I am not very sure that Romanian intellectuals so active in Romanian media –  who are happy and glad to write exclusively about a marginal group,  a very small and carefully self-selected and proclaimed one to be representative of the Romanian Americans – would discuss this book. The Romanian Americans are very diverse, and they are not only “left-handed” but also “right-handed” (as Virgil Nemoianu pointed out a couple of years ago in an article published in the Bucharest-based review 22).
Many academies and foundations – like the soldier still fighting WW II   because he did not hear about the end of modern logic decided by binary logic – continue to be blinded by this “shiny” prolific group, very clumsy and noisy, self-centered and unrepentant, even when it switches from plaintiff to defendant. (Because they like diversion, the group started to oxidize. I affirm this after reading Robert Scholes, Professor at Brown University, who in an article “The Brothel of Modernism: Picasso and Joyce” shows the relationship between prostitution and modernism. The demonstration is done using the superb example of Les Mademoiselles of Avignon  and the extraordinary Ulysses, studying the other face of this relationship: the modern artist that prostitutes himself  because  when the brothel entered modern art in order to create masterpieces, art entered the brothel too in order to bring about subversion.)
Mirela Roznoveanu’s book deserves to get a magna cum laude commendation.

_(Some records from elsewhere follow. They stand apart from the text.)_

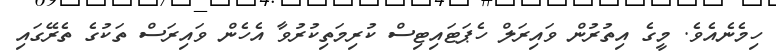
ހިމެނެއެވެ. މީގެ އިތުރުން ވައިރަލް ހެޕަޓައިޓިސް ކުރިމަތިކުރުވާ އެހެން ވައިރަސް ތަކުގެ ތެރޭގައި
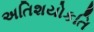
અતિશયોકતિ
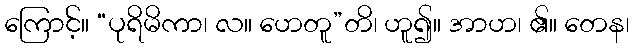
ကြောင့်။ “ပုရိမိကာ၊ လ။ ဟေတူ”တိ၊ ဟူ၍။ အာဟ၊ ၏။ တေန၊
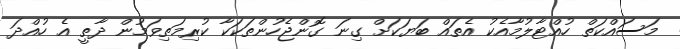
މަސައްކަތް ހުއްޓާލުމާއެކު އެތައް ބަޔަކަށް ގިނަ ގޮންޖެހުންތަކަކާ ކުރިމަތިވަމުން ދާތީ އެ ހުއްދަ
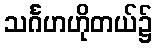
သင်္ဂဟဟိုတယ်၌
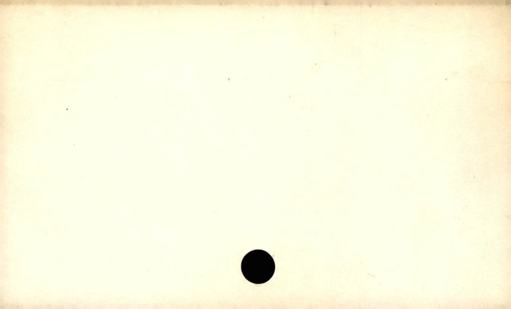
Label: blank
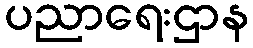
ပညာရေးဌာန
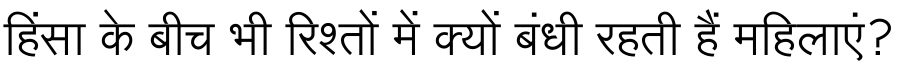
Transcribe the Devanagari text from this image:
हिंसा के बीच भी रिश्तों में क्यों बंधी रहती हैं महिलाएं?
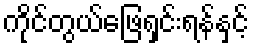
ကိုင်တွယ်ဖြေရှင်းရန်နှင့်
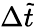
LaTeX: \Delta\tilde{t}
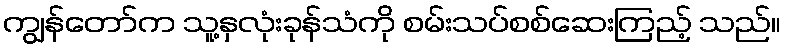
ကျွန်တော်က သူ့နှလုံးခုန်သံကို စမ်းသပ်စစ်ဆေးကြည့် သည်။

I hope that the Romanian-American Academy or the Romanian Cultural Foundation or someone else interested in the ties of the native Romanians and the ones living in exile will start to recognize the real authors, the cultural personalities that cannot be corroded by time.

*Constantin Virgil Negoita is a professor at Hunter College, the Department of Computer Science, where he teaches Computer Logic, Fuzzy Sets and Systems.